(RECORD EXTRACTS Opens)

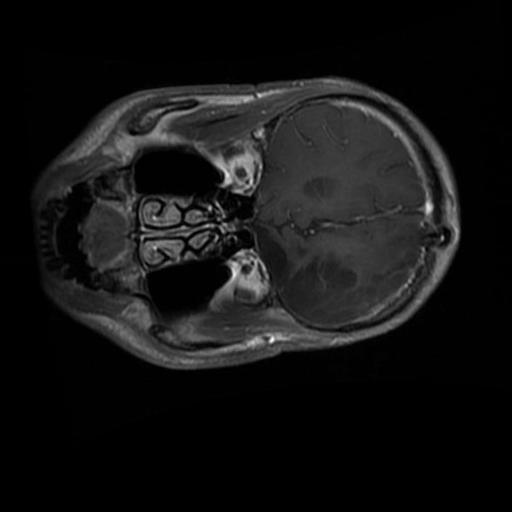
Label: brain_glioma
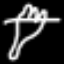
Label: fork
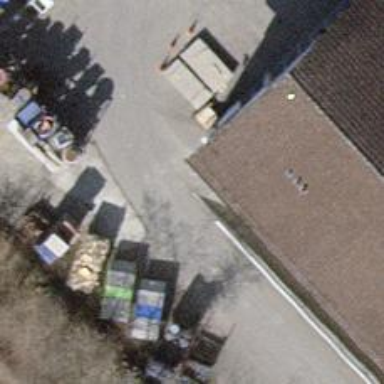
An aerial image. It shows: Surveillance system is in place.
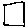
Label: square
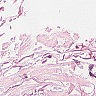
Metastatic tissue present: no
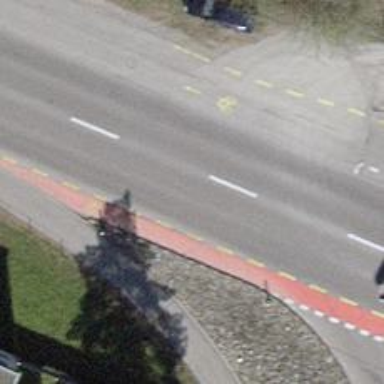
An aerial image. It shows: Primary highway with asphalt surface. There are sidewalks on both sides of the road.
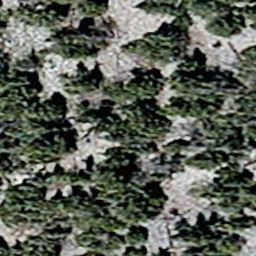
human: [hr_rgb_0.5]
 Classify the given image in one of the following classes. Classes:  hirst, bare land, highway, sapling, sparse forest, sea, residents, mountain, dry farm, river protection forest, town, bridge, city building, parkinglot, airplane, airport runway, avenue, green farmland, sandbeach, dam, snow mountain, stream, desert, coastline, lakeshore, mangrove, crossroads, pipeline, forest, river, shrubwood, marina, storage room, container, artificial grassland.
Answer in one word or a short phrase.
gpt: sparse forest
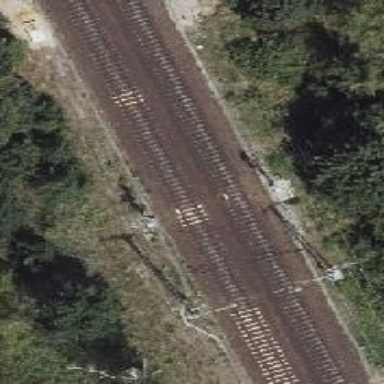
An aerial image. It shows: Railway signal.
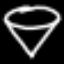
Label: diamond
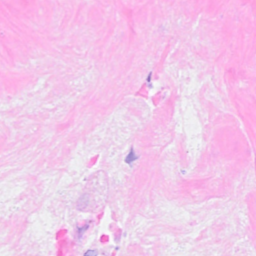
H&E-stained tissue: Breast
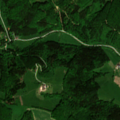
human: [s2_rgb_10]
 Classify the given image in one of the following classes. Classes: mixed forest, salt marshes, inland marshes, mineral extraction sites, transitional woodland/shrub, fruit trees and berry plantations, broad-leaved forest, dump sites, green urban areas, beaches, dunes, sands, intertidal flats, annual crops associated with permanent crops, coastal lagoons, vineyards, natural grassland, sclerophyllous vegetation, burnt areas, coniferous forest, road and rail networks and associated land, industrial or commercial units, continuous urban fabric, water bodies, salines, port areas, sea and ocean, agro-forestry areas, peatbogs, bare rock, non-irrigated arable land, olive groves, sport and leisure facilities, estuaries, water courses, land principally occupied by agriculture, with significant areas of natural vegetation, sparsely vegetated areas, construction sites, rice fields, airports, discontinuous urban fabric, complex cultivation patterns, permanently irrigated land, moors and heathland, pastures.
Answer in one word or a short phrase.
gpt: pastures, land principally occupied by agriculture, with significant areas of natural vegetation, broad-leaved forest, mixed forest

(RECORD EXTRACTS Closes)
(RECORD EXTRACTS Opens)

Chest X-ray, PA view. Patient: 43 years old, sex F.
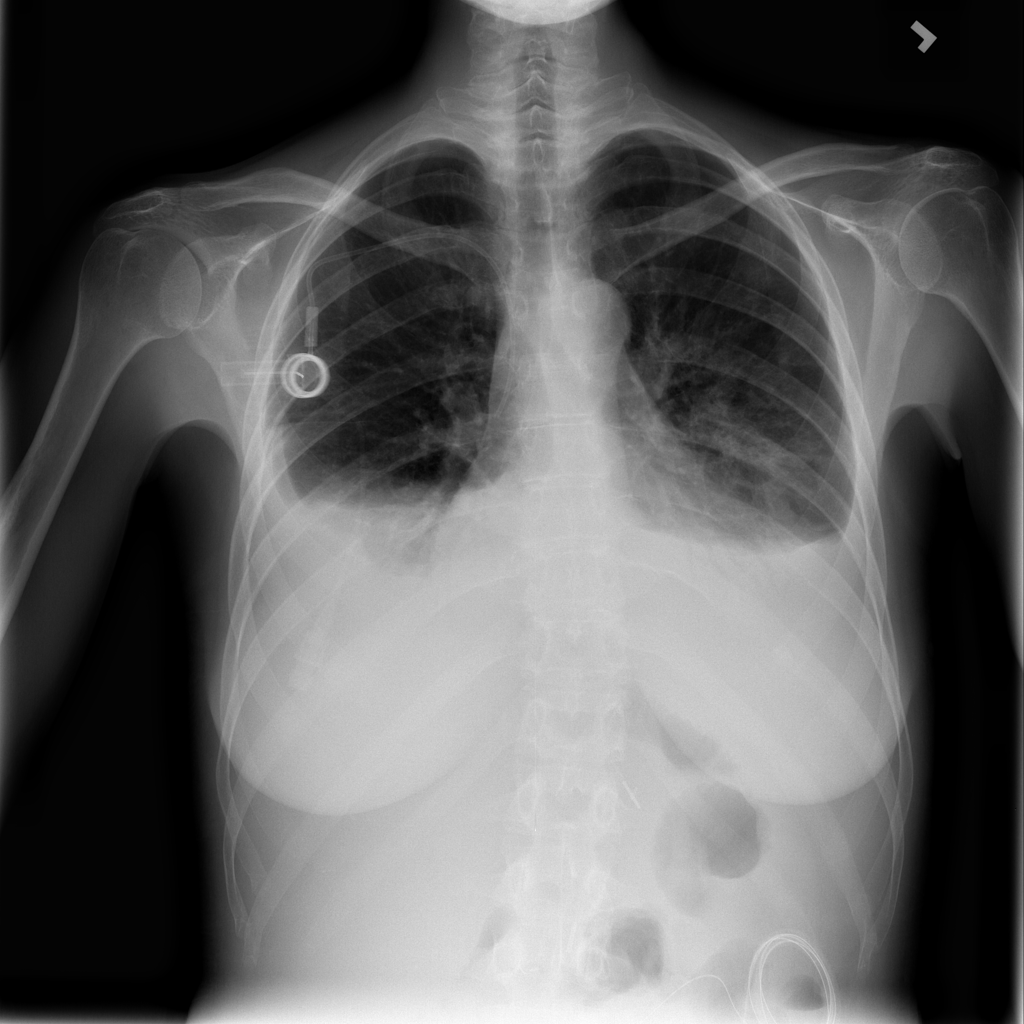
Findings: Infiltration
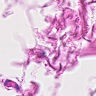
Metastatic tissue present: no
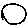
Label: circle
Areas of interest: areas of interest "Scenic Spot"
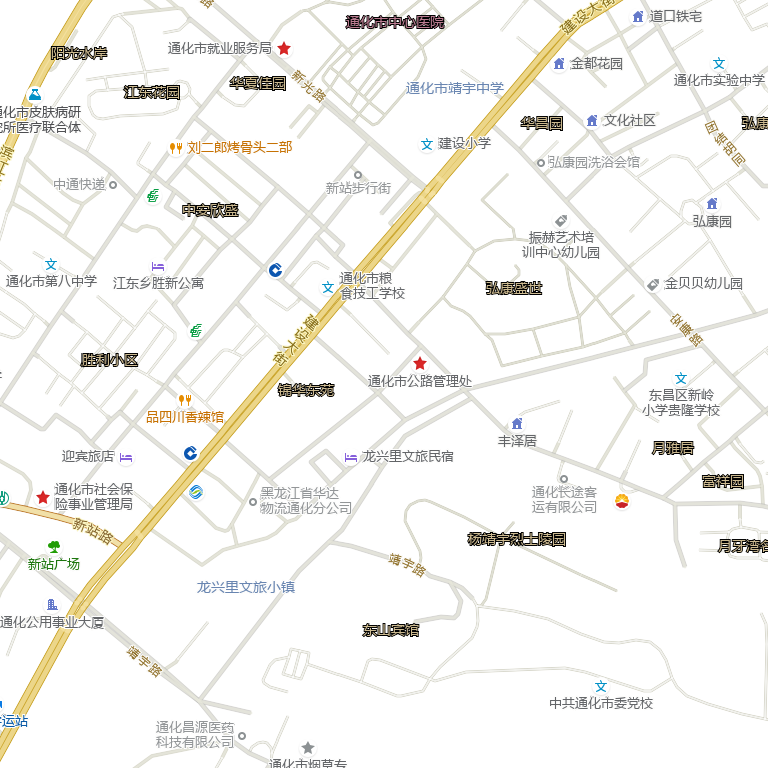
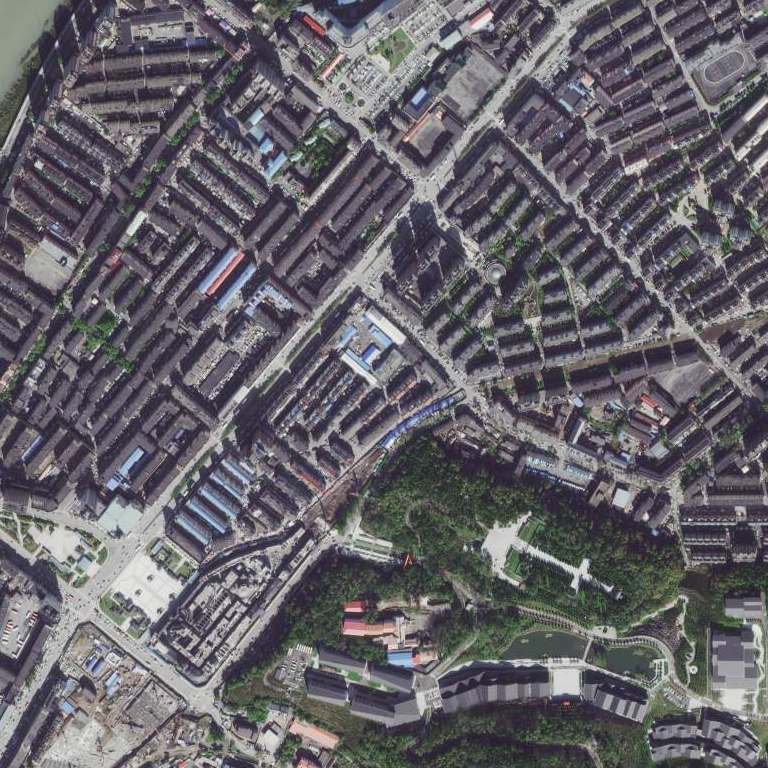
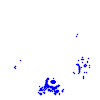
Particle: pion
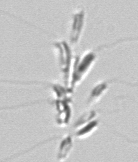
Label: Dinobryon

(RECORD EXTRACTS Closes)

BRIEF: Find the line with "human: [s2_rgb_10]" in the entries above. Retype it and each line after it, exactly, through the line with "gpt: pastures, land", and stop there.

RESULT OF THIS TASK:
human: [s2_rgb_10]
 Classify the given image in one of the following classes. Classes: mixed forest, salt marshes, inland marshes, mineral extraction sites, transitional woodland/shrub, fruit trees and berry plantations, broad-leaved forest, dump sites, green urban areas, beaches, dunes, sands, intertidal flats, annual crops associated with permanent crops, coastal lagoons, vineyards, natural grassland, sclerophyllous vegetation, burnt areas, coniferous forest, road and rail networks and associated land, industrial or commercial units, continuous urban fabric, water bodies, salines, port areas, sea and ocean, agro-forestry areas, peatbogs, bare rock, non-irrigated arable land, olive groves, sport and leisure facilities, estuaries, water courses, land principally occupied by agriculture, with significant areas of natural vegetation, sparsely vegetated areas, construction sites, rice fields, airports, discontinuous urban fabric, complex cultivation patterns, permanently irrigated land, moors and heathland, pastures.
Answer in one word or a short phrase.
gpt: pastures, land principally occupied by agriculture, with significant areas of natural vegetation, broad-leaved forest, mixed forest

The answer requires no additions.